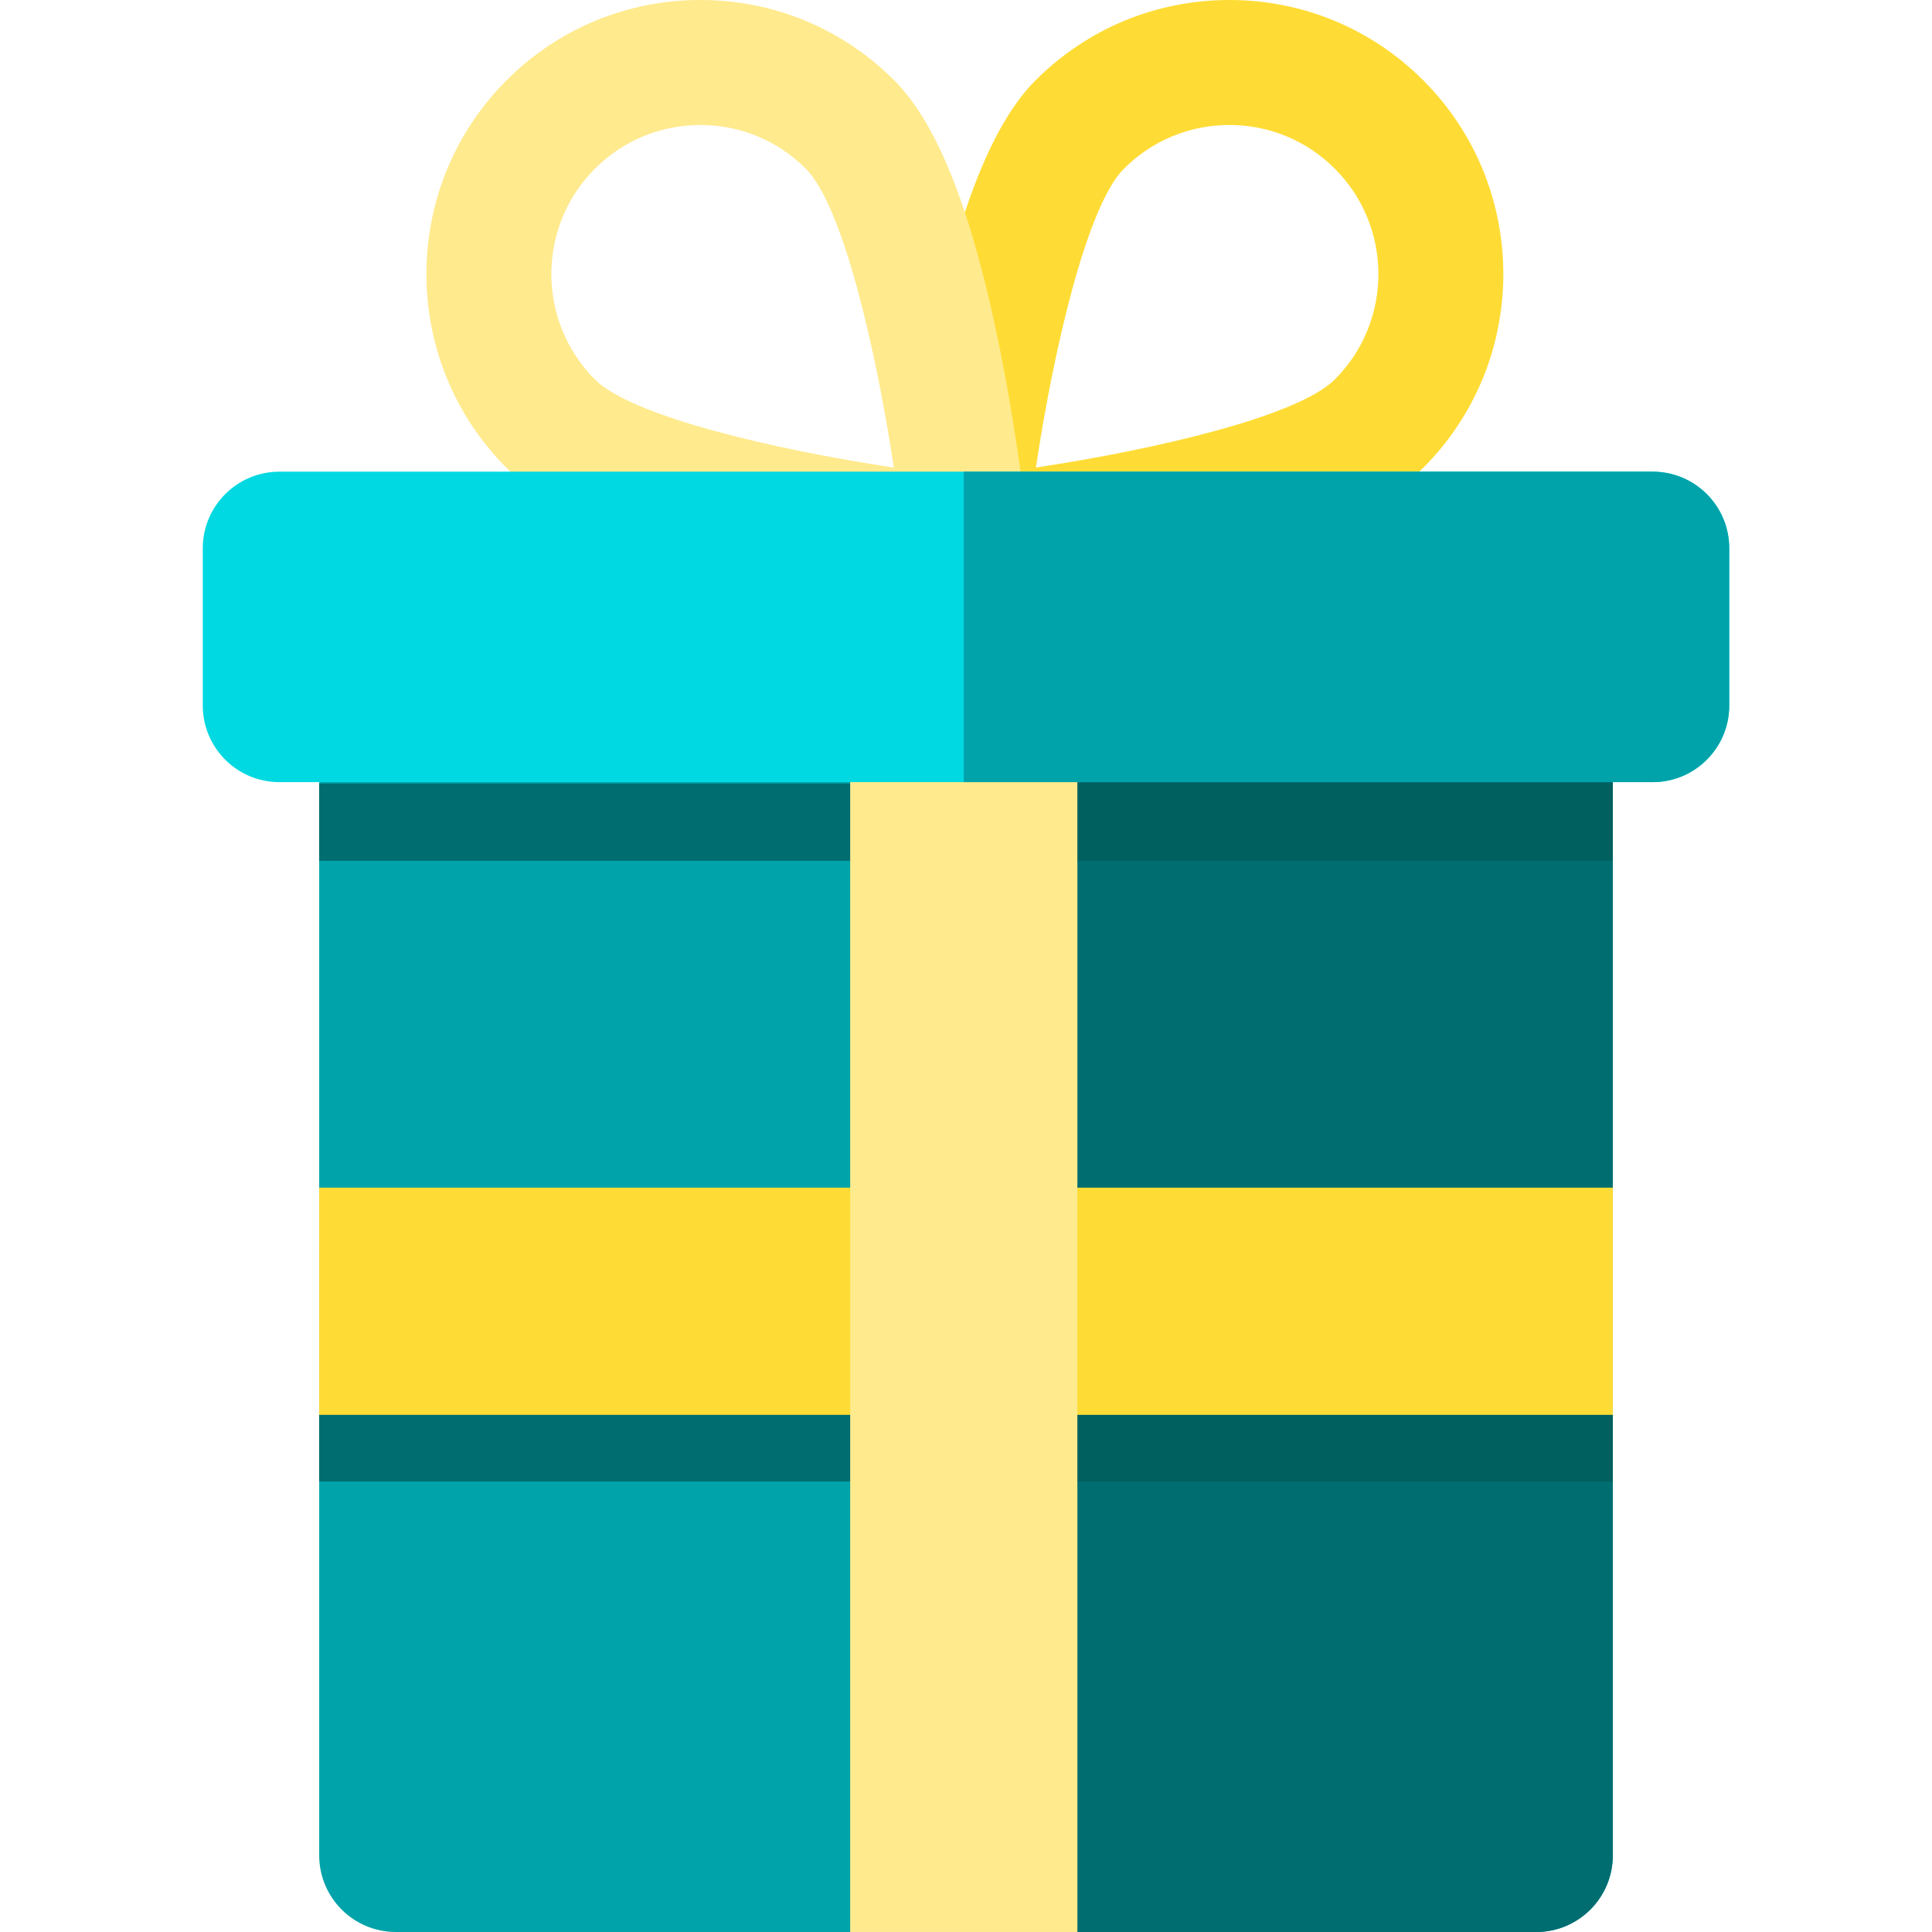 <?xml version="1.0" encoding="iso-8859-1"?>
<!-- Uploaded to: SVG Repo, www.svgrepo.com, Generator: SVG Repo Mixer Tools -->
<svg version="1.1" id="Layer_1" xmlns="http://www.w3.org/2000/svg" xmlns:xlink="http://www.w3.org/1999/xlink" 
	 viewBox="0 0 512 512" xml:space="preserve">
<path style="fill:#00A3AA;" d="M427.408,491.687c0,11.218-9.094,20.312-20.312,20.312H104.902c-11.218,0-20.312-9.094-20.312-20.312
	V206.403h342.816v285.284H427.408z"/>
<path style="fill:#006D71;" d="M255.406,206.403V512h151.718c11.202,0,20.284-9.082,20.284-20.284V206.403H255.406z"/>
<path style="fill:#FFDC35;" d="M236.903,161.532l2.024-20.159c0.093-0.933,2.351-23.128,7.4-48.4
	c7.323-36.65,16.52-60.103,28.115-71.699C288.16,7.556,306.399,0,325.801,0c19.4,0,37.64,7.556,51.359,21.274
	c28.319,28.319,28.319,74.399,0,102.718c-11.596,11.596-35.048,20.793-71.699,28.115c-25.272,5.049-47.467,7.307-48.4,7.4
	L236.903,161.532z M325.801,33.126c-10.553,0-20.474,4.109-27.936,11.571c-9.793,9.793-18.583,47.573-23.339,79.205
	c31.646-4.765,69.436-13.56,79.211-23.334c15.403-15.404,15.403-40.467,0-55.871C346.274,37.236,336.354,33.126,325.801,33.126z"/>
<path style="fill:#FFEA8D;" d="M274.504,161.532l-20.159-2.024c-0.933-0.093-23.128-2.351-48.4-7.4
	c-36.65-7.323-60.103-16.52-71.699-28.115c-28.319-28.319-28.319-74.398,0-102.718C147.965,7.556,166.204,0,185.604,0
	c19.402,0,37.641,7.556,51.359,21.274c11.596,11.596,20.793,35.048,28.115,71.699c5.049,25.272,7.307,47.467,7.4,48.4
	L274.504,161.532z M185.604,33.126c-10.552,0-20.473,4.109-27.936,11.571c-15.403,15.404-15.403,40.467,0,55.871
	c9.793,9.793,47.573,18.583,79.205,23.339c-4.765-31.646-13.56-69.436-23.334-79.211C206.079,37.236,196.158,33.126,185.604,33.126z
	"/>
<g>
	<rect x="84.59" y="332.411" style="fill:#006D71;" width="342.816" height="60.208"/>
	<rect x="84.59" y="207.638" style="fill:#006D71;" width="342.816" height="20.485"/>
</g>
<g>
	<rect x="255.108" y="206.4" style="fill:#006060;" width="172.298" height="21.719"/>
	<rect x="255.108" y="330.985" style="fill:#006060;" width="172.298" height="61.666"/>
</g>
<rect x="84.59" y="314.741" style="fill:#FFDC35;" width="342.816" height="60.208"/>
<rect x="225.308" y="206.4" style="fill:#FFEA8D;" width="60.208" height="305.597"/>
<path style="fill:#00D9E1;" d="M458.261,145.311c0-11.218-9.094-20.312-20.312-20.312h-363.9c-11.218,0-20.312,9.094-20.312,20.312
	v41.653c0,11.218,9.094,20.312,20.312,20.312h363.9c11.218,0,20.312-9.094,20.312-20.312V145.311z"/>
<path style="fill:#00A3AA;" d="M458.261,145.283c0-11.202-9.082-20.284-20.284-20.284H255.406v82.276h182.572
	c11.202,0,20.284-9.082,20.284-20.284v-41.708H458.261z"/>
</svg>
++++++
_What to produce_. All of the entries above should be copied exactly, except for the pictures.

_Output for this exercise_.
 <?xml version="1.0" encoding="iso-8859-1"?>
<!-- Uploaded to: SVG Repo, www.svgrepo.com, Generator: SVG Repo Mixer Tools -->
<svg version="1.1" id="Layer_1" xmlns="http://www.w3.org/2000/svg" xmlns:xlink="http://www.w3.org/1999/xlink" 
	 viewBox="0 0 512 512" xml:space="preserve">
<path style="fill:#00A3AA;" d="M427.408,491.687c0,11.218-9.094,20.312-20.312,20.312H104.902c-11.218,0-20.312-9.094-20.312-20.312
	V206.403h342.816v285.284H427.408z"/>
<path style="fill:#006D71;" d="M255.406,206.403V512h151.718c11.202,0,20.284-9.082,20.284-20.284V206.403H255.406z"/>
<path style="fill:#FFDC35;" d="M236.903,161.532l2.024-20.159c0.093-0.933,2.351-23.128,7.4-48.4
	c7.323-36.65,16.52-60.103,28.115-71.699C288.16,7.556,306.399,0,325.801,0c19.4,0,37.64,7.556,51.359,21.274
	c28.319,28.319,28.319,74.399,0,102.718c-11.596,11.596-35.048,20.793-71.699,28.115c-25.272,5.049-47.467,7.307-48.4,7.4
	L236.903,161.532z M325.801,33.126c-10.553,0-20.474,4.109-27.936,11.571c-9.793,9.793-18.583,47.573-23.339,79.205
	c31.646-4.765,69.436-13.56,79.211-23.334c15.403-15.404,15.403-40.467,0-55.871C346.274,37.236,336.354,33.126,325.801,33.126z"/>
<path style="fill:#FFEA8D;" d="M274.504,161.532l-20.159-2.024c-0.933-0.093-23.128-2.351-48.4-7.4
	c-36.65-7.323-60.103-16.52-71.699-28.115c-28.319-28.319-28.319-74.398,0-102.718C147.965,7.556,166.204,0,185.604,0
	c19.402,0,37.641,7.556,51.359,21.274c11.596,11.596,20.793,35.048,28.115,71.699c5.049,25.272,7.307,47.467,7.4,48.4
	L274.504,161.532z M185.604,33.126c-10.552,0-20.473,4.109-27.936,11.571c-15.403,15.404-15.403,40.467,0,55.871
	c9.793,9.793,47.573,18.583,79.205,23.339c-4.765-31.646-13.56-69.436-23.334-79.211C206.079,37.236,196.158,33.126,185.604,33.126z
	"/>
<g>
	<rect x="84.59" y="332.411" style="fill:#006D71;" width="342.816" height="60.208"/>
	<rect x="84.59" y="207.638" style="fill:#006D71;" width="342.816" height="20.485"/>
</g>
<g>
	<rect x="255.108" y="206.4" style="fill:#006060;" width="172.298" height="21.719"/>
	<rect x="255.108" y="330.985" style="fill:#006060;" width="172.298" height="61.666"/>
</g>
<rect x="84.59" y="314.741" style="fill:#FFDC35;" width="342.816" height="60.208"/>
<rect x="225.308" y="206.4" style="fill:#FFEA8D;" width="60.208" height="305.597"/>
<path style="fill:#00D9E1;" d="M458.261,145.311c0-11.218-9.094-20.312-20.312-20.312h-363.9c-11.218,0-20.312,9.094-20.312,20.312
	v41.653c0,11.218,9.094,20.312,20.312,20.312h363.9c11.218,0,20.312-9.094,20.312-20.312V145.311z"/>
<path style="fill:#00A3AA;" d="M458.261,145.283c0-11.202-9.082-20.284-20.284-20.284H255.406v82.276h182.572
	c11.202,0,20.284-9.082,20.284-20.284v-41.708H458.261z"/>
</svg>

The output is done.